I appreciated the clunkiness of the horseback suit of armor battle in this film's opening scene, which likely gets closer to what this kind of thing would have actually looked like than the more graceful movements of Hollywood knights (not a reference to the Robert Wuhl teen party movie), but the actors struggling awkwardly under their heavy suits of armor are an indication that we are in the more rough-and-ready world of filmmaker Carlos Aured. I'm not saying Naschy is Max Ophuls, but he does have a more graceful and stylish approach than Aured does. Whatever Aured lacks in style, however, he makes up for in action, humor, and general '70s Euro-horror nuttiness.

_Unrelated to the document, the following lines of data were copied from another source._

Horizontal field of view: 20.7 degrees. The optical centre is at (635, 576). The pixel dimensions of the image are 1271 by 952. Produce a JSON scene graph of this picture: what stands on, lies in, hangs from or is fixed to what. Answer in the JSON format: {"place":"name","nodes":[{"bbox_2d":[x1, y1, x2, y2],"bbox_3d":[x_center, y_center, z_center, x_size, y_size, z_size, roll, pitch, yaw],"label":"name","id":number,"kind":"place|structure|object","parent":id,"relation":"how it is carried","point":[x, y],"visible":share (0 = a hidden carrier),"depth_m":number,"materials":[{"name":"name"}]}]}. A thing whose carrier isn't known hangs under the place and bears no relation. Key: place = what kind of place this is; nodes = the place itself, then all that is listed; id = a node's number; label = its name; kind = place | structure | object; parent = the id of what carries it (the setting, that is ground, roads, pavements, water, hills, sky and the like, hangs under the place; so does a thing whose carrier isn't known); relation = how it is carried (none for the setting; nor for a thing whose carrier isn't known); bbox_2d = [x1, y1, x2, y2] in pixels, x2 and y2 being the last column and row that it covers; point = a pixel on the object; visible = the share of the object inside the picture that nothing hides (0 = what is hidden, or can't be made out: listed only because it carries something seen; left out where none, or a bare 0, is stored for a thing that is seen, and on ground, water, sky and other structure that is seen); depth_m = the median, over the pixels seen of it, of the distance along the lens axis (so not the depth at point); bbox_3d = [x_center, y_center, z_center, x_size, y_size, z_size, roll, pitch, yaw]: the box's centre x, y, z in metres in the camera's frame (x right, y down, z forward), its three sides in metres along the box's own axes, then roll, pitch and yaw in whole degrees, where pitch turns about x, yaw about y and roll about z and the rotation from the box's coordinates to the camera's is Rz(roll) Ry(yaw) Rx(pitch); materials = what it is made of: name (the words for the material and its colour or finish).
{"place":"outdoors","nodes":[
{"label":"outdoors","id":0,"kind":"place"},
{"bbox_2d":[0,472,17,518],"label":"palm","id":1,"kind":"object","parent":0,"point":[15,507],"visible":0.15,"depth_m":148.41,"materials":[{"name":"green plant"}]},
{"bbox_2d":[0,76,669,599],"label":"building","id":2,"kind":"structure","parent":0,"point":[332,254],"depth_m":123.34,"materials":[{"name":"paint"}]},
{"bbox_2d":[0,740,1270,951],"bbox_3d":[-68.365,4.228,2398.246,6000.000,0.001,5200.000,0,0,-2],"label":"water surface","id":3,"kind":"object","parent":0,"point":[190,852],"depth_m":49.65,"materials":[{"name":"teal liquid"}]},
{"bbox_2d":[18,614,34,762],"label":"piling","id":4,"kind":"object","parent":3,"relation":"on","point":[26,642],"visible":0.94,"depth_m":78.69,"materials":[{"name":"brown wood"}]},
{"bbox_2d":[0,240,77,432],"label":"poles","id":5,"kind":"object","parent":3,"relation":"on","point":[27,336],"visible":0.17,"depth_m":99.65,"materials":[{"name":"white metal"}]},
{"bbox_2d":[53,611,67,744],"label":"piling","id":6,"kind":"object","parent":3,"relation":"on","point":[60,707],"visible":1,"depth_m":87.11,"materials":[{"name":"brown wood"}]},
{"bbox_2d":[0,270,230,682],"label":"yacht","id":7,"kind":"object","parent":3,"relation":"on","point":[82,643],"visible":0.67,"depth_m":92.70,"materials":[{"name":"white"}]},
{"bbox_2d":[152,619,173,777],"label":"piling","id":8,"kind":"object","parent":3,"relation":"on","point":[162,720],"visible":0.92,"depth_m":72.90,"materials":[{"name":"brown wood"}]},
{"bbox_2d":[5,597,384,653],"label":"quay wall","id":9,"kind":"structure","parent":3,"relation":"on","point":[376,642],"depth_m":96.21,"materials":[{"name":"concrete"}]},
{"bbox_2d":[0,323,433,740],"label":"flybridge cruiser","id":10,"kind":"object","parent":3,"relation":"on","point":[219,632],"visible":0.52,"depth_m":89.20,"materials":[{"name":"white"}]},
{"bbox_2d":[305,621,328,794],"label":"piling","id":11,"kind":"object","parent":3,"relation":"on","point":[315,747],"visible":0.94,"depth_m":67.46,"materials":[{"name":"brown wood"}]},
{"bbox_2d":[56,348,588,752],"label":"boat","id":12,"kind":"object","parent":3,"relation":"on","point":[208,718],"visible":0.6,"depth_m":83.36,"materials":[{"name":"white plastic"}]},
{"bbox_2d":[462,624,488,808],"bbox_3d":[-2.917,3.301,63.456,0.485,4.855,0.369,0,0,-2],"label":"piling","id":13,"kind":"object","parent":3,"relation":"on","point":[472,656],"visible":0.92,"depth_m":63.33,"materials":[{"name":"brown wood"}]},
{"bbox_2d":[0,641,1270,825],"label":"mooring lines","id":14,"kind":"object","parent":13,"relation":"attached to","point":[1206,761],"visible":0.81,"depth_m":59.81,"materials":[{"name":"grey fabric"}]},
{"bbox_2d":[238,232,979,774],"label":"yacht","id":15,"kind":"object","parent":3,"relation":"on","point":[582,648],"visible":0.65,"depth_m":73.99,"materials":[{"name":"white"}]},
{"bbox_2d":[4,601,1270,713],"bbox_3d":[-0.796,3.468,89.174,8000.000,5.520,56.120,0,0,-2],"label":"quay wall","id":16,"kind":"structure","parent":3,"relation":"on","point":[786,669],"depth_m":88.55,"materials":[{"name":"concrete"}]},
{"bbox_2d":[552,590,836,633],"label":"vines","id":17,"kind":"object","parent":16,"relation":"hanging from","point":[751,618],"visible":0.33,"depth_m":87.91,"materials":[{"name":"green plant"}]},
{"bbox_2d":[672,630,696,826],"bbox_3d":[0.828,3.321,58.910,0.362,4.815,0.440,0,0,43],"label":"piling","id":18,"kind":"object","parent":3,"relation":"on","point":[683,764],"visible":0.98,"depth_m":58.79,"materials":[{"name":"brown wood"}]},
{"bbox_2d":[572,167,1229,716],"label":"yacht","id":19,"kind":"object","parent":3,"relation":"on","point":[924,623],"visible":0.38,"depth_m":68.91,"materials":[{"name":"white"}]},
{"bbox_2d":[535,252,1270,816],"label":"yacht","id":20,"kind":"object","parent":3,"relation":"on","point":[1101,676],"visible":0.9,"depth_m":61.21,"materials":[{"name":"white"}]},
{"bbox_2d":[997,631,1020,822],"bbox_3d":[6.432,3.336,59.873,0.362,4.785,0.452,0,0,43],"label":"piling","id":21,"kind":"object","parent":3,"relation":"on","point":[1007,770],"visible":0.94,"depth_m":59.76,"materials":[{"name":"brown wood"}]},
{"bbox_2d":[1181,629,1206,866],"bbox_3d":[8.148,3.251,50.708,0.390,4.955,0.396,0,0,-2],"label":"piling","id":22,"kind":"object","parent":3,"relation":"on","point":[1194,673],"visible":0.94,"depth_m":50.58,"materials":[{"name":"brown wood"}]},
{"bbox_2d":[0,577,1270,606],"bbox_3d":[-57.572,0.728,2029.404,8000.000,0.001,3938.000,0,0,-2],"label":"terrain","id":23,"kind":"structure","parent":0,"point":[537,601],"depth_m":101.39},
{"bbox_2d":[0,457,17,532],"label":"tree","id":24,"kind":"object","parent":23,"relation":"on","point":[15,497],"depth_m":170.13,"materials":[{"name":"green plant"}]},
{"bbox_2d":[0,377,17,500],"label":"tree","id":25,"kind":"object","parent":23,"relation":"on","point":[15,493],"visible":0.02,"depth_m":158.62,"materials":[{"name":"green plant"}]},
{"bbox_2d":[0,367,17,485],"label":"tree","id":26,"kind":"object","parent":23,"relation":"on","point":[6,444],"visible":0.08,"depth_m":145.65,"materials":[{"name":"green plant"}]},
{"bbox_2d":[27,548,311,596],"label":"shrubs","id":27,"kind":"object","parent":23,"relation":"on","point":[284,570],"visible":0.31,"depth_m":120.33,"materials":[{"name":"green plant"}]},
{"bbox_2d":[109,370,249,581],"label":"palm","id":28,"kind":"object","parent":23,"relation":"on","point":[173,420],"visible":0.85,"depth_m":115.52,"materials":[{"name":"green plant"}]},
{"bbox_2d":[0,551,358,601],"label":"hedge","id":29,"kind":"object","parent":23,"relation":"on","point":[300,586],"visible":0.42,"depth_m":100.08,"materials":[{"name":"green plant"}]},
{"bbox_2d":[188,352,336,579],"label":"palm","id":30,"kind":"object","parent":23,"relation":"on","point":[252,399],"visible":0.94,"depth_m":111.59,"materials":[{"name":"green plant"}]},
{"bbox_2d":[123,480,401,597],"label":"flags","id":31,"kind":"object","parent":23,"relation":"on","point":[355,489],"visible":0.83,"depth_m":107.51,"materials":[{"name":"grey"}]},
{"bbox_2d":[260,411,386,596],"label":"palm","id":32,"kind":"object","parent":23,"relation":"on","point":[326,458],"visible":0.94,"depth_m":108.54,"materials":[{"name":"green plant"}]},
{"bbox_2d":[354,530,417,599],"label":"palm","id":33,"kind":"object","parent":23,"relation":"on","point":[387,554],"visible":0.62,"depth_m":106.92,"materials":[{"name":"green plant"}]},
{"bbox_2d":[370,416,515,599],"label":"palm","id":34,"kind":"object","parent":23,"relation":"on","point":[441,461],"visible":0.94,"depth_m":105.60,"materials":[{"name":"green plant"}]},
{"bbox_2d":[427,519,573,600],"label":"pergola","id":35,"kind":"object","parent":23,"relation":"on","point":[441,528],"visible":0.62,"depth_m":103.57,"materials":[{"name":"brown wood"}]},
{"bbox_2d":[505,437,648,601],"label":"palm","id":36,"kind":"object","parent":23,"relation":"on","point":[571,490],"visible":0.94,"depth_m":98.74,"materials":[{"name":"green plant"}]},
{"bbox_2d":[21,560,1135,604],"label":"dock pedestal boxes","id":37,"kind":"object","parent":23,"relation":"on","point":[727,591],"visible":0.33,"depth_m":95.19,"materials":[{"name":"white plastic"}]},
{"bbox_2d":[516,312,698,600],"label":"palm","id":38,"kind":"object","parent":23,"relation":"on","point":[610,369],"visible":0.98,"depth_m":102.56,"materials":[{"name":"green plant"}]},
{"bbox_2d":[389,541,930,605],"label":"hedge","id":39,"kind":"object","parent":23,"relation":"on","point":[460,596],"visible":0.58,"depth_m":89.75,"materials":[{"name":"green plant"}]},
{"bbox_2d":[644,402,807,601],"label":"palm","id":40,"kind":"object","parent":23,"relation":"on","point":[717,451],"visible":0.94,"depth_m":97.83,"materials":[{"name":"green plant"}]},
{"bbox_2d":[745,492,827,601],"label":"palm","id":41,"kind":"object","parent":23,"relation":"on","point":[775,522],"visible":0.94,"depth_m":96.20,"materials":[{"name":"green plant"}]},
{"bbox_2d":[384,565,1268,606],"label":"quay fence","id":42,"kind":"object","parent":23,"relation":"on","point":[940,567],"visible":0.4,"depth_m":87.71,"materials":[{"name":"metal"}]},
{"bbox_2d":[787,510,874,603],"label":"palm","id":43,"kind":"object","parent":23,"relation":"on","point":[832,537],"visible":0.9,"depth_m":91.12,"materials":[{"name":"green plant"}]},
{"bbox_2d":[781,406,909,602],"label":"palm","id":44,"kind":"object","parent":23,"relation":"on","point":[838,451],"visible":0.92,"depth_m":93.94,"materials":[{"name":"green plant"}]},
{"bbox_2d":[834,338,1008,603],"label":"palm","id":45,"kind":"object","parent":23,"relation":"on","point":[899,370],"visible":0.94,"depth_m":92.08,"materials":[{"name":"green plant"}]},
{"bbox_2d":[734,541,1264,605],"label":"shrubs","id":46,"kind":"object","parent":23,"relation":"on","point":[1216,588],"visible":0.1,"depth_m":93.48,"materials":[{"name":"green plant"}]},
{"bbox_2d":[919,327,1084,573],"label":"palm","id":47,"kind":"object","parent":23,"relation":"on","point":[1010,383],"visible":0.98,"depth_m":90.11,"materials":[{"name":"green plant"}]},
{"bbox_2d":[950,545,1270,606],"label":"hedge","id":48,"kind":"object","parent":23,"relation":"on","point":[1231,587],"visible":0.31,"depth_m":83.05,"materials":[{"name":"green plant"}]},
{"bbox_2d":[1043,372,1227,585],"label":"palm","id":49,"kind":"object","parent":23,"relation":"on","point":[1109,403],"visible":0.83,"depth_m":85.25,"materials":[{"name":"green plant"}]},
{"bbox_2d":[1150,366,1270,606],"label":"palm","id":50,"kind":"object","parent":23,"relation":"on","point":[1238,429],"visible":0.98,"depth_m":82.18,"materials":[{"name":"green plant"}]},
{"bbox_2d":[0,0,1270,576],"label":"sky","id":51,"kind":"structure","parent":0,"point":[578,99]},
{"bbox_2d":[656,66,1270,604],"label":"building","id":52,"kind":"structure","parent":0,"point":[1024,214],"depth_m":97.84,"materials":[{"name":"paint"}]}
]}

In Curse of the Devil, Count Waldemar is a nobleman in a small village in the Carpathian mountains. He was raised by his castle's caretaker/housekeeper Malitza (Ana Farra) after his parents died when he was a child, but the overprotective Malitza is at least partially responsible for the Count still being a virgin. He's also related to the family that killed Bathory. Oh shiiiiiit! Bathory's descendants are gypsies who live in the nearby countryside. While out hunting a wolf with one of his servants, Waldemar accidentally shoots one of the gypsies. Oh shiiiiiiit! The curse is on! The surviving gypsies get together in their cave and summon a dark spirit (a guy in a black bodysuit and mask with a visible zipper on the back) who sexes up several of the sexiest gypsy women in order to choose the sexiest one to seduce Waldemar sexily before cursing him up.

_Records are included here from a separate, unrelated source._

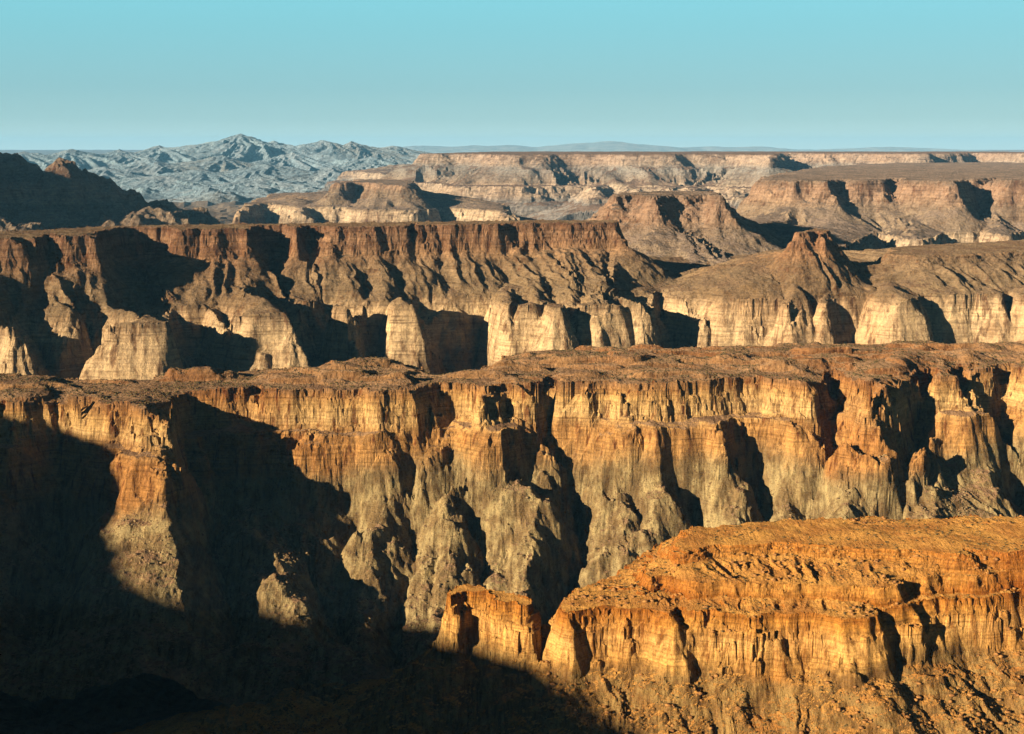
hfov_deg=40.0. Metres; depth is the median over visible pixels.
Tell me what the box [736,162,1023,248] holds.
mesa terrain
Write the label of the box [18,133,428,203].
blue mountain terrain
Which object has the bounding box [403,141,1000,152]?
horizon hill terrain
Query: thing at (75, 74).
sky
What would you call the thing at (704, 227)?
stepped mesa terrain
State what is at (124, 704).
canyon ground
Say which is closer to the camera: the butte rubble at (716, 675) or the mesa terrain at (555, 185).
the butte rubble at (716, 675)
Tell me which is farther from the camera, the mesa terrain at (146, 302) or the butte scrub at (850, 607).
the mesa terrain at (146, 302)
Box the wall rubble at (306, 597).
[0,439,1023,707]
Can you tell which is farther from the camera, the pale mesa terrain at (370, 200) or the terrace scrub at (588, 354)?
the pale mesa terrain at (370, 200)
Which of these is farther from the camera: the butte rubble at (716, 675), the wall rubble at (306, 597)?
the wall rubble at (306, 597)
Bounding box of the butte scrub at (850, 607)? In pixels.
[228,515,1023,733]
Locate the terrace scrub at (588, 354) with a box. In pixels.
[0,340,1023,407]
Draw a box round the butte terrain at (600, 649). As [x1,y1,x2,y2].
[112,514,1023,733]
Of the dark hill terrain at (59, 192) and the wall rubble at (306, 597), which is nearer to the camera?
the wall rubble at (306, 597)
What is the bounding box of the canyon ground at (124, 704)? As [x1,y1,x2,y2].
[0,150,1023,733]
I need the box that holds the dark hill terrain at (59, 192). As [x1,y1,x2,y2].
[0,152,219,230]
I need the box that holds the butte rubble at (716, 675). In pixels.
[221,514,1023,733]
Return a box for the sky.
[0,0,1023,149]
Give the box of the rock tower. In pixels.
[344,583,542,733]
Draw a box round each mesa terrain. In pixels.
[0,219,1023,379]
[229,179,520,223]
[317,151,1023,220]
[586,191,879,265]
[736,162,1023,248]
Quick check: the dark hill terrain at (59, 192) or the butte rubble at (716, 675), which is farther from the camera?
the dark hill terrain at (59, 192)
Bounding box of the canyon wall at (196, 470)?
[0,340,1023,706]
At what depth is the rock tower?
818.08 m

The chosen gypsy woman, Ilona (Ines Morales), pretends to be unconscious on the road as Waldemar is taking his horse-drawn coach through the mountains at night to get to some kind of business deal. He "rescues" her and takes her back to his castle, much to the chagrin of Maritza, who is pissed as hell that this "evil woman" is enchanting her boy Waldemar. After devirginizing the Count, Ilona sneaks out of bed, holds up a wolf skull, drips her blood on it, and then bites Waldemar on the chest with the skull before running back to the forest, where she encounters an axe-wielding maniac who has escaped from prison and is hiding in the mountains. Oh shiiiiit! (There's a lot going on in this movie.) The gypsy blood wolf skull bite mark has turned Waldemar into a werewolf, doomed to carry on the curse for many more generations unless a pure-hearted woman in love with him kills his ass with a silver dagger. Oh shiiiiit! (I'll stop doing that now.)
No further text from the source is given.